Problem description » Retype the whole listing exactly.

Data »
▬▬▬▬▬▬
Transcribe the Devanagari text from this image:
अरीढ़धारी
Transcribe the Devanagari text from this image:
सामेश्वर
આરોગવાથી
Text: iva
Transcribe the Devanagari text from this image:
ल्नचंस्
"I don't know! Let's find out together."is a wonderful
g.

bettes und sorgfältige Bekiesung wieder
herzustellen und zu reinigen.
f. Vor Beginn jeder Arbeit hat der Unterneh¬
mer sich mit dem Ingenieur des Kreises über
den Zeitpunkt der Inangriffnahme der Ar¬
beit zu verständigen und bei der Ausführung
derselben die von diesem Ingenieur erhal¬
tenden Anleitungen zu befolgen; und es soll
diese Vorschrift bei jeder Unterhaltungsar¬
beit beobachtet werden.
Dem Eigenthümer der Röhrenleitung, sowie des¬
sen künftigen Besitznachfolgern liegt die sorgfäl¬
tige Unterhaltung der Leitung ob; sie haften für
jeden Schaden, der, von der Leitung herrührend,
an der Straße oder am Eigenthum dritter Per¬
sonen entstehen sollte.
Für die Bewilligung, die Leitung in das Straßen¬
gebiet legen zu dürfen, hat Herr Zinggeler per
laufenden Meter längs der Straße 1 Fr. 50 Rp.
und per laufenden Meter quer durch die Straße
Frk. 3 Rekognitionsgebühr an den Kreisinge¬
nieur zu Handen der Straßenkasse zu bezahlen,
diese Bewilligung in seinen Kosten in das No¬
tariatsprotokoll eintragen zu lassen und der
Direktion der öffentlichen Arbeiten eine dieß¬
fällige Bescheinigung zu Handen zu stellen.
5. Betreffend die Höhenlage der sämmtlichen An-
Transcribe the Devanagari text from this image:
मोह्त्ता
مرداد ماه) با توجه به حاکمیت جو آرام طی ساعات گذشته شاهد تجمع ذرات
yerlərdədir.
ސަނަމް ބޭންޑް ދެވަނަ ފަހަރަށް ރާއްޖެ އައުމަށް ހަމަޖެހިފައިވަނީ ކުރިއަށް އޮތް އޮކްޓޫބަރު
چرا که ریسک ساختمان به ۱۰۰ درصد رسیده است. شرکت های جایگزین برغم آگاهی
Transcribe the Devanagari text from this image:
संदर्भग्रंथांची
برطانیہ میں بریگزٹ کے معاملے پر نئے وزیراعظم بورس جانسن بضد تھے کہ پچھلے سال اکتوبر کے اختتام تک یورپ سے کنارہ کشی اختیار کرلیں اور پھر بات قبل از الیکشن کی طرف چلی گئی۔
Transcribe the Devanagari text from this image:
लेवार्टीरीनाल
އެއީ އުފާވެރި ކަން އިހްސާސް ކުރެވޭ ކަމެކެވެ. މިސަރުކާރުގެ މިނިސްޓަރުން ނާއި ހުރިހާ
▬▬▬▬▬▬
Answer space »
Transcribe the Devanagari text from this image:
अरीढ़धारी
Transcribe the Devanagari text from this image:
सामेश्वर
આરોગવાથી
Text: iva
Transcribe the Devanagari text from this image:
ल्नचंस्
"I don't know! Let's find out together."is a wonderful
g.

bettes und sorgfältige Bekiesung wieder
herzustellen und zu reinigen.
f. Vor Beginn jeder Arbeit hat der Unterneh¬
mer sich mit dem Ingenieur des Kreises über
den Zeitpunkt der Inangriffnahme der Ar¬
beit zu verständigen und bei der Ausführung
derselben die von diesem Ingenieur erhal¬
tenden Anleitungen zu befolgen; und es soll
diese Vorschrift bei jeder Unterhaltungsar¬
beit beobachtet werden.
Dem Eigenthümer der Röhrenleitung, sowie des¬
sen künftigen Besitznachfolgern liegt die sorgfäl¬
tige Unterhaltung der Leitung ob; sie haften für
jeden Schaden, der, von der Leitung herrührend,
an der Straße oder am Eigenthum dritter Per¬
sonen entstehen sollte.
Für die Bewilligung, die Leitung in das Straßen¬
gebiet legen zu dürfen, hat Herr Zinggeler per
laufenden Meter längs der Straße 1 Fr. 50 Rp.
und per laufenden Meter quer durch die Straße
Frk. 3 Rekognitionsgebühr an den Kreisinge¬
nieur zu Handen der Straßenkasse zu bezahlen,
diese Bewilligung in seinen Kosten in das No¬
tariatsprotokoll eintragen zu lassen und der
Direktion der öffentlichen Arbeiten eine dieß¬
fällige Bescheinigung zu Handen zu stellen.
5. Betreffend die Höhenlage der sämmtlichen An-
Transcribe the Devanagari text from this image:
मोह्त्ता
مرداد ماه) با توجه به حاکمیت جو آرام طی ساعات گذشته شاهد تجمع ذرات
yerlərdədir.
ސަނަމް ބޭންޑް ދެވަނަ ފަހަރަށް ރާއްޖެ އައުމަށް ހަމަޖެހިފައިވަނީ ކުރިއަށް އޮތް އޮކްޓޫބަރު
چرا که ریسک ساختمان به ۱۰۰ درصد رسیده است. شرکت های جایگزین برغم آگاهی
Transcribe the Devanagari text from this image:
संदर्भग्रंथांची
برطانیہ میں بریگزٹ کے معاملے پر نئے وزیراعظم بورس جانسن بضد تھے کہ پچھلے سال اکتوبر کے اختتام تک یورپ سے کنارہ کشی اختیار کرلیں اور پھر بات قبل از الیکشن کی طرف چلی گئی۔
Transcribe the Devanagari text from this image:
लेवार्टीरीनाल
އެއީ އުފާވެރި ކަން އިހްސާސް ކުރެވޭ ކަމެކެވެ. މިސަރުކާރުގެ މިނިސްޓަރުން ނާއި ހުރިހާ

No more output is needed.